*EXERCISE PROMPT*: Your answer should be the records below, repeated exactly as they stand.

[Records from a data source]
◇ ◇ ◇
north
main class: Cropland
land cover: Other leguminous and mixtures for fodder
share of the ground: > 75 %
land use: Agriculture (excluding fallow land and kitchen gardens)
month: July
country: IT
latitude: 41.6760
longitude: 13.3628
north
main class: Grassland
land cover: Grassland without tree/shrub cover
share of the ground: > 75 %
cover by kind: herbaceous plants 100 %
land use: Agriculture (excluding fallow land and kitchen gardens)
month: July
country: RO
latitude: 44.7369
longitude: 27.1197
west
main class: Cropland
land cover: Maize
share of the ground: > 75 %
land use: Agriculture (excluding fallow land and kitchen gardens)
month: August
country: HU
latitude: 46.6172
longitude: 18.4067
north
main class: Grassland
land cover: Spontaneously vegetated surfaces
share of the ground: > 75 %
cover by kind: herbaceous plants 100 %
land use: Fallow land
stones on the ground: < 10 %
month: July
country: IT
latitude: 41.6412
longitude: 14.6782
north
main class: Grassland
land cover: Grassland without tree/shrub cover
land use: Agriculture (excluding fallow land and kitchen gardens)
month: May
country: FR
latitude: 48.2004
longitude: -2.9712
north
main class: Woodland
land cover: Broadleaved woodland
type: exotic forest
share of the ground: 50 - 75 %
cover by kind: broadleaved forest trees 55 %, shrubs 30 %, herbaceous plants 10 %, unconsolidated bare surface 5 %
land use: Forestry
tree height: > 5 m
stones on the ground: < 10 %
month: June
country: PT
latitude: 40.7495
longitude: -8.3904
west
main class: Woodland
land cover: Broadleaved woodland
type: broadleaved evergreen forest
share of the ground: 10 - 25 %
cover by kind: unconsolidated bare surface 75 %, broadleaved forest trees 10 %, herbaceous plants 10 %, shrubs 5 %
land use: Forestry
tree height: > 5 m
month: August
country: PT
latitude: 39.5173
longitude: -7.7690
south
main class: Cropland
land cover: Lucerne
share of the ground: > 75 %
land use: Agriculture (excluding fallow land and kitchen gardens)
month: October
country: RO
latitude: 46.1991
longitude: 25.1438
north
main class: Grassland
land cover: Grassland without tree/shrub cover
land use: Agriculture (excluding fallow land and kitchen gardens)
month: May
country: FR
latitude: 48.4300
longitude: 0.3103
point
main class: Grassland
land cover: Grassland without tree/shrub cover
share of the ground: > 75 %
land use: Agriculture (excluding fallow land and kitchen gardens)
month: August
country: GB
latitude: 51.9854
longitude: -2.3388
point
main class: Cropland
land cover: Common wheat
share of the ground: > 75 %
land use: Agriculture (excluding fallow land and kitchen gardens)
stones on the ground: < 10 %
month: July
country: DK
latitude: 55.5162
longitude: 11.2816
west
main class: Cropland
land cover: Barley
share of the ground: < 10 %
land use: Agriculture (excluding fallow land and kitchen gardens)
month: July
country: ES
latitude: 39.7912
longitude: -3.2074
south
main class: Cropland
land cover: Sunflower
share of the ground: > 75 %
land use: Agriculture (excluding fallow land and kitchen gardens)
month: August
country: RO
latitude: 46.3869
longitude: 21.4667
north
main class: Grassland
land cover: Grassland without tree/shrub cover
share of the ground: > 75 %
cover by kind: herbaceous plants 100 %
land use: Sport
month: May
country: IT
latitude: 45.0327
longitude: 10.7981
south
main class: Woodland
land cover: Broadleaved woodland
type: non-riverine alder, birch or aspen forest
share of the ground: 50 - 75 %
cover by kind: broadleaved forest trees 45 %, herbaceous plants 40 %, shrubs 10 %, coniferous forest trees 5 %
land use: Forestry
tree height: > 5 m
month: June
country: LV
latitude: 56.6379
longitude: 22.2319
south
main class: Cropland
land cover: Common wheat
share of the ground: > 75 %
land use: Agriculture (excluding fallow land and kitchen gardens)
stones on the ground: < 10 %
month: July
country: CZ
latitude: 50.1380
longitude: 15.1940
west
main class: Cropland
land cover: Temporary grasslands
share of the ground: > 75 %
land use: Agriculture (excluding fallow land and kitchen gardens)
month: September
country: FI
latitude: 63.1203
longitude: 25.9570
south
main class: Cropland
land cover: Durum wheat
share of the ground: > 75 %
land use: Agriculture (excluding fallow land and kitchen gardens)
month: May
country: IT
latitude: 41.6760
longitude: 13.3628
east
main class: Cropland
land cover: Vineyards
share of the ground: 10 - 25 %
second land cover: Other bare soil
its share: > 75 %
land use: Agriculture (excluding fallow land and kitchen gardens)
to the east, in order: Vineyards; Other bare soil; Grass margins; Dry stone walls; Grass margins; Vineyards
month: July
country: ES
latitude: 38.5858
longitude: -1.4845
◇ ◇ ◇
*SOLUTION FOR THIS EXERCISE*:
north
main class: Cropland
land cover: Other leguminous and mixtures for fodder
share of the ground: > 75 %
land use: Agriculture (excluding fallow land and kitchen gardens)
month: July
country: IT
latitude: 41.6760
longitude: 13.3628
north
main class: Grassland
land cover: Grassland without tree/shrub cover
share of the ground: > 75 %
cover by kind: herbaceous plants 100 %
land use: Agriculture (excluding fallow land and kitchen gardens)
month: July
country: RO
latitude: 44.7369
longitude: 27.1197
west
main class: Cropland
land cover: Maize
share of the ground: > 75 %
land use: Agriculture (excluding fallow land and kitchen gardens)
month: August
country: HU
latitude: 46.6172
longitude: 18.4067
north
main class: Grassland
land cover: Spontaneously vegetated surfaces
share of the ground: > 75 %
cover by kind: herbaceous plants 100 %
land use: Fallow land
stones on the ground: < 10 %
month: July
country: IT
latitude: 41.6412
longitude: 14.6782
north
main class: Grassland
land cover: Grassland without tree/shrub cover
land use: Agriculture (excluding fallow land and kitchen gardens)
month: May
country: FR
latitude: 48.2004
longitude: -2.9712
north
main class: Woodland
land cover: Broadleaved woodland
type: exotic forest
share of the ground: 50 - 75 %
cover by kind: broadleaved forest trees 55 %, shrubs 30 %, herbaceous plants 10 %, unconsolidated bare surface 5 %
land use: Forestry
tree height: > 5 m
stones on the ground: < 10 %
month: June
country: PT
latitude: 40.7495
longitude: -8.3904
west
main class: Woodland
land cover: Broadleaved woodland
type: broadleaved evergreen forest
share of the ground: 10 - 25 %
cover by kind: unconsolidated bare surface 75 %, broadleaved forest trees 10 %, herbaceous plants 10 %, shrubs 5 %
land use: Forestry
tree height: > 5 m
month: August
country: PT
latitude: 39.5173
longitude: -7.7690
south
main class: Cropland
land cover: Lucerne
share of the ground: > 75 %
land use: Agriculture (excluding fallow land and kitchen gardens)
month: October
country: RO
latitude: 46.1991
longitude: 25.1438
north
main class: Grassland
land cover: Grassland without tree/shrub cover
land use: Agriculture (excluding fallow land and kitchen gardens)
month: May
country: FR
latitude: 48.4300
longitude: 0.3103
point
main class: Grassland
land cover: Grassland without tree/shrub cover
share of the ground: > 75 %
land use: Agriculture (excluding fallow land and kitchen gardens)
month: August
country: GB
latitude: 51.9854
longitude: -2.3388
point
main class: Cropland
land cover: Common wheat
share of the ground: > 75 %
land use: Agriculture (excluding fallow land and kitchen gardens)
stones on the ground: < 10 %
month: July
country: DK
latitude: 55.5162
longitude: 11.2816
west
main class: Cropland
land cover: Barley
share of the ground: < 10 %
land use: Agriculture (excluding fallow land and kitchen gardens)
month: July
country: ES
latitude: 39.7912
longitude: -3.2074
south
main class: Cropland
land cover: Sunflower
share of the ground: > 75 %
land use: Agriculture (excluding fallow land and kitchen gardens)
month: August
country: RO
latitude: 46.3869
longitude: 21.4667
north
main class: Grassland
land cover: Grassland without tree/shrub cover
share of the ground: > 75 %
cover by kind: herbaceous plants 100 %
land use: Sport
month: May
country: IT
latitude: 45.0327
longitude: 10.7981
south
main class: Woodland
land cover: Broadleaved woodland
type: non-riverine alder, birch or aspen forest
share of the ground: 50 - 75 %
cover by kind: broadleaved forest trees 45 %, herbaceous plants 40 %, shrubs 10 %, coniferous forest trees 5 %
land use: Forestry
tree height: > 5 m
month: June
country: LV
latitude: 56.6379
longitude: 22.2319
south
main class: Cropland
land cover: Common wheat
share of the ground: > 75 %
land use: Agriculture (excluding fallow land and kitchen gardens)
stones on the ground: < 10 %
month: July
country: CZ
latitude: 50.1380
longitude: 15.1940
west
main class: Cropland
land cover: Temporary grasslands
share of the ground: > 75 %
land use: Agriculture (excluding fallow land and kitchen gardens)
month: September
country: FI
latitude: 63.1203
longitude: 25.9570
south
main class: Cropland
land cover: Durum wheat
share of the ground: > 75 %
land use: Agriculture (excluding fallow land and kitchen gardens)
month: May
country: IT
latitude: 41.6760
longitude: 13.3628
east
main class: Cropland
land cover: Vineyards
share of the ground: 10 - 25 %
second land cover: Other bare soil
its share: > 75 %
land use: Agriculture (excluding fallow land and kitchen gardens)
to the east, in order: Vineyards; Other bare soil; Grass margins; Dry stone walls; Grass margins; Vineyards
month: July
country: ES
latitude: 38.5858
longitude: -1.4845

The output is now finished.